Those non-EU markets would of course also include Mongolia and the North African and Middle East countries, which are of strategic importance for energy from the desert.

With over 50 GW a year solar panel production capacity around, reduced demand in the most important market would mean a further massive reduction in price on all remaining markets.

On the other hand, it remains to be seen if anti-dumping duties would really reduce demand in the EU.

For the German market, they should be irrelevant if the feed-in tariff system works as it is supposed to.

Under a feed-in tariff system, solar energy gets a tariff for each kWh of electricity produced. Said tariff is calculated from the cost of installing the solar panels.

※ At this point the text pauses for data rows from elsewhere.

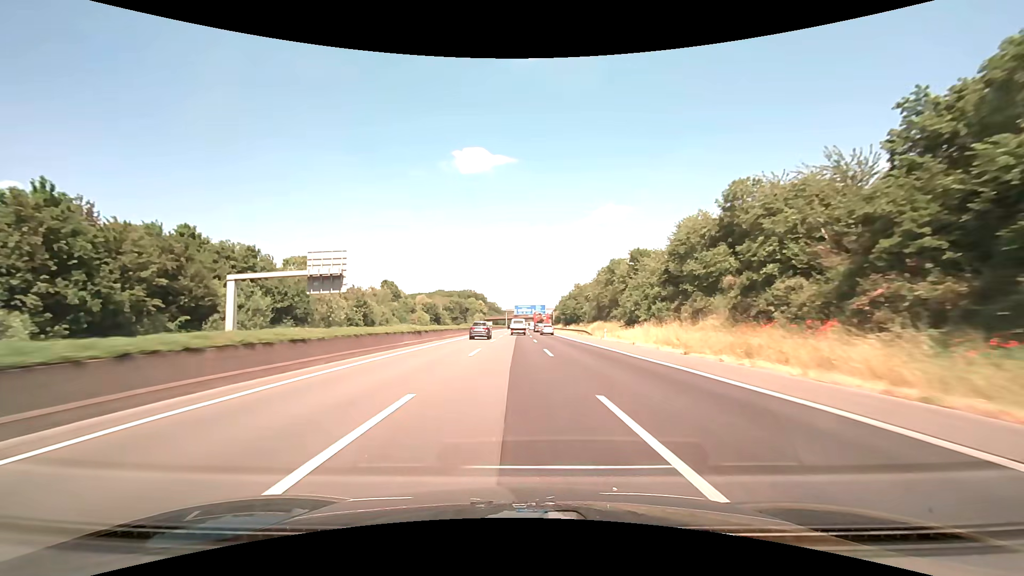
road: motorway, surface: asphalt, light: Day
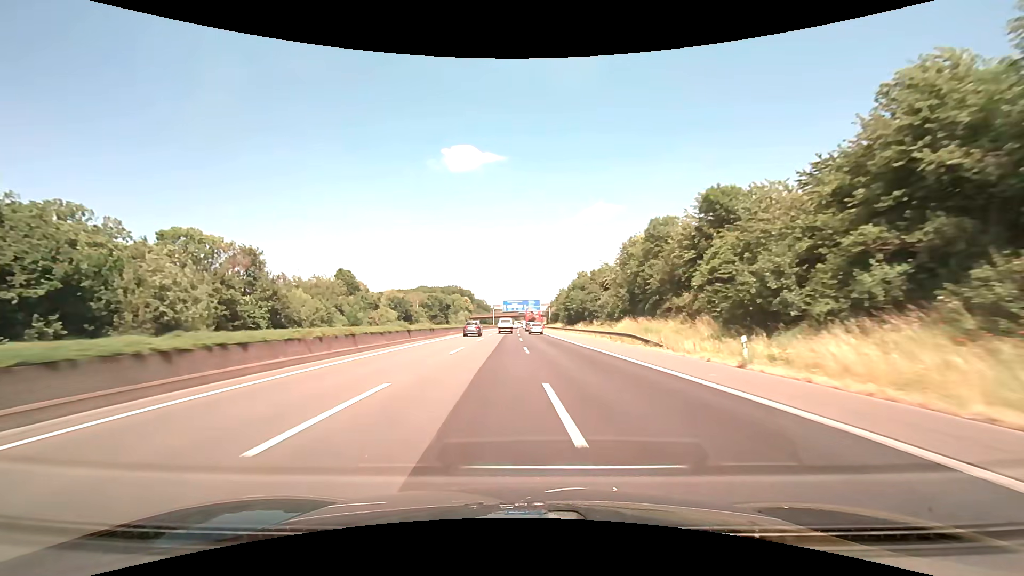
(+0.3, +34.3) m; +1°
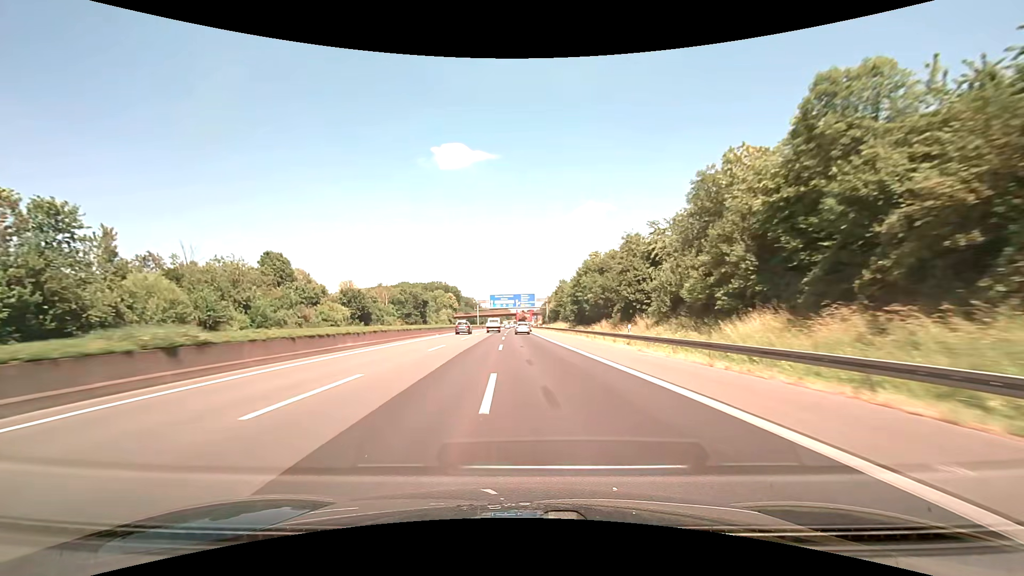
(+0.3, +33.7) m; +1°
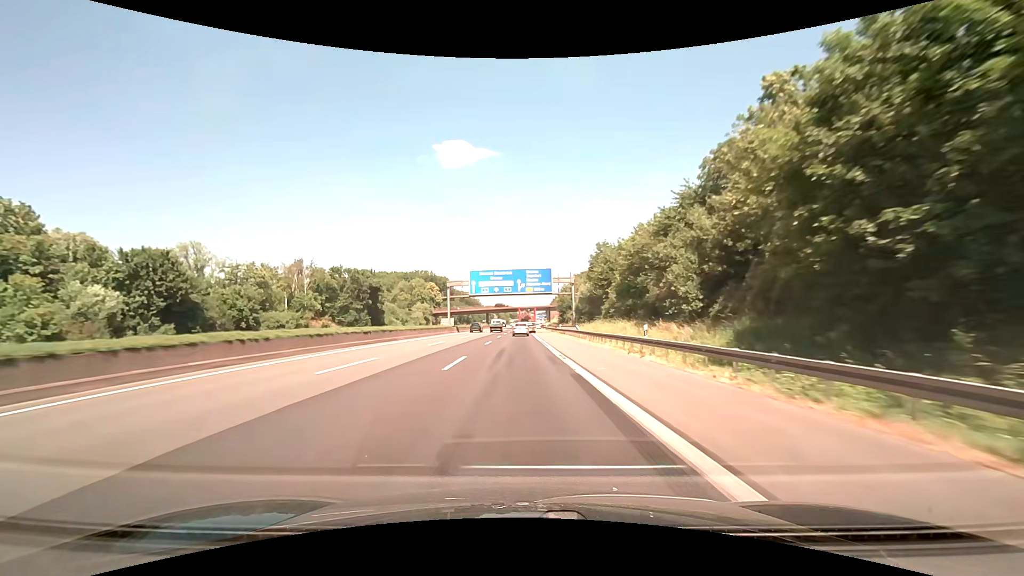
(-0.2, +64.7) m; -1°
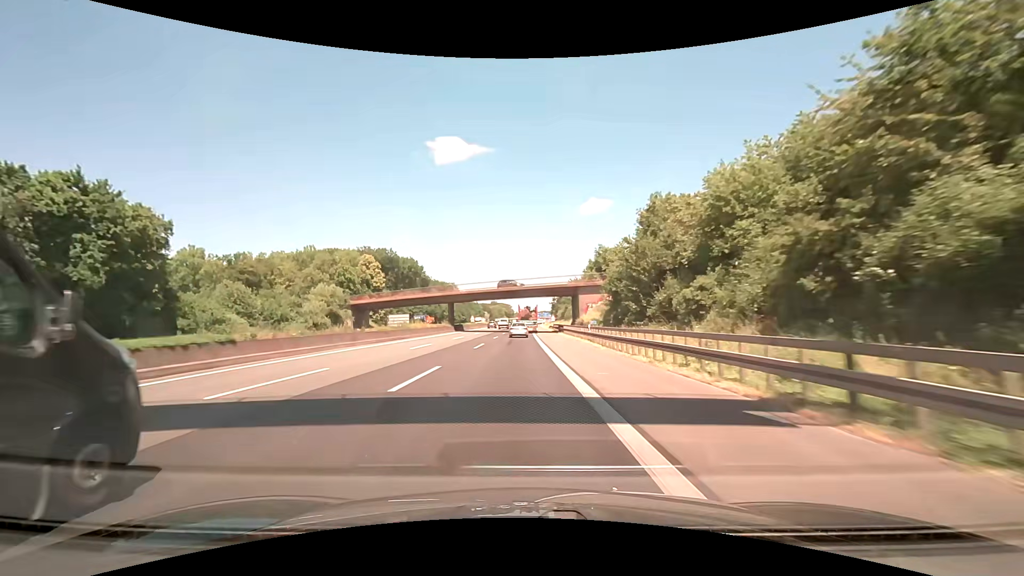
(-0.1, +75.8) m; 0°
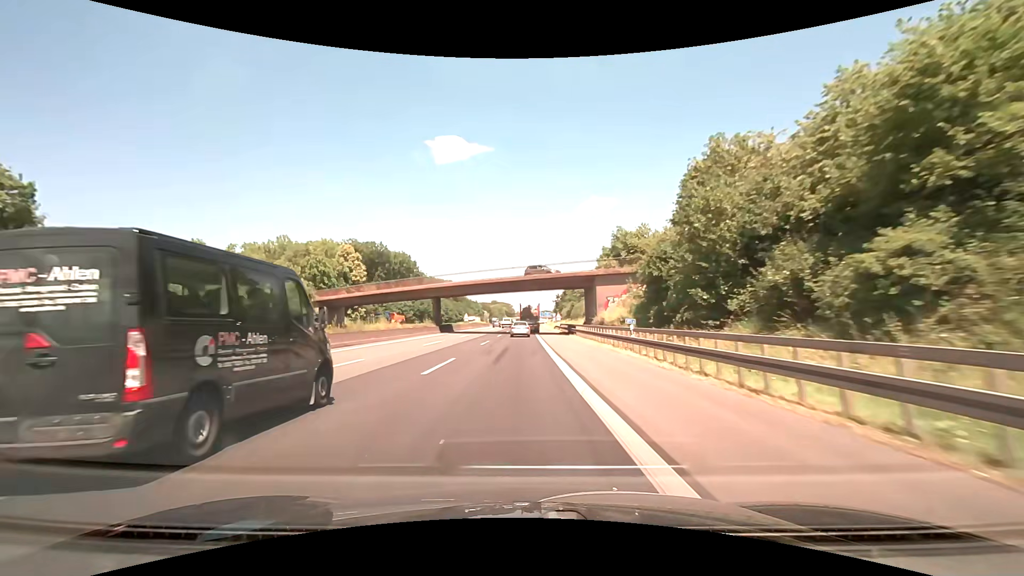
(0.0, +14.5) m; 0°
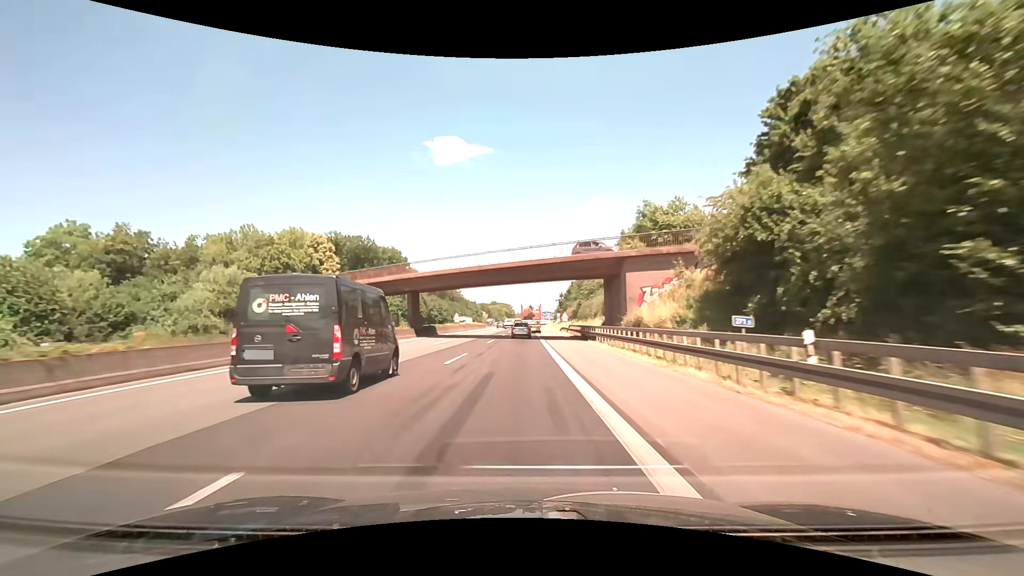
(0.0, +14.4) m; 0°
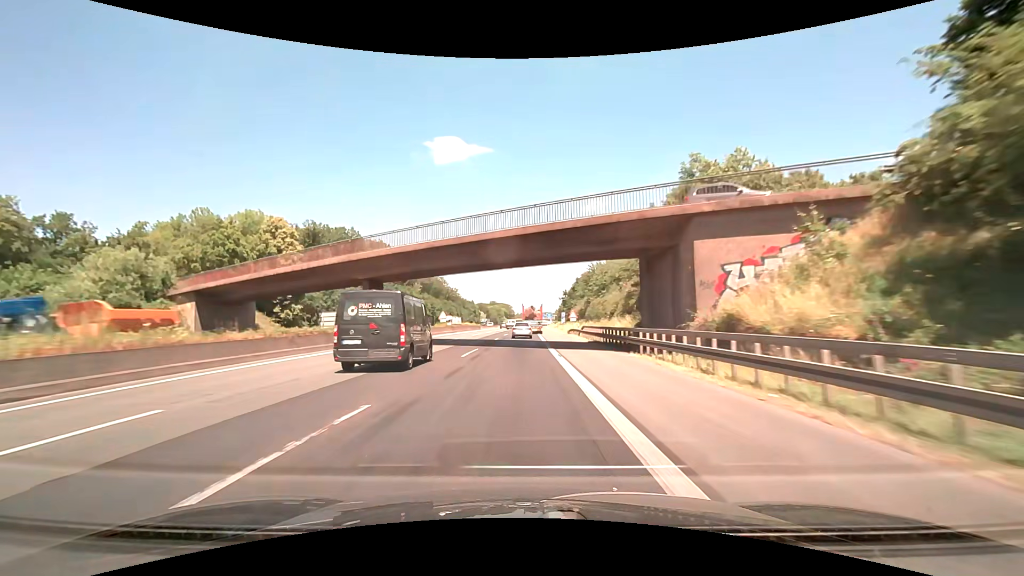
(0.0, +14.2) m; 0°
(0, +10) (0, +20) (0, +30) (0, +40) (0, +50) (0, +60) (0, +70) (+1, +80) (+1, +90) (+1, +100) m

If those costs go up because of the anti-dumping duty, the feed-in tariff would need to reflect that by going up accordingly. Since the cost of the solar panels as such is only about half of the whole system cost, any such adjustment would probably not be very large.

And one would not expect that feed-in tariffs for solar would actually go up. Rather, the anti-dumping duties would be factored into the next decision on reducing the tariffs. Those reductions would slow down somewhat.

To sum up, it remains to be seen if there is any anti-dumping duty in the first place. If there is, it remains to be seen if that actually reduces demand on the EU market. If there is a reduction in demand, that would be a good thing, since it would mean that solar panels would become even cheaper in the non-EU markets of China and India.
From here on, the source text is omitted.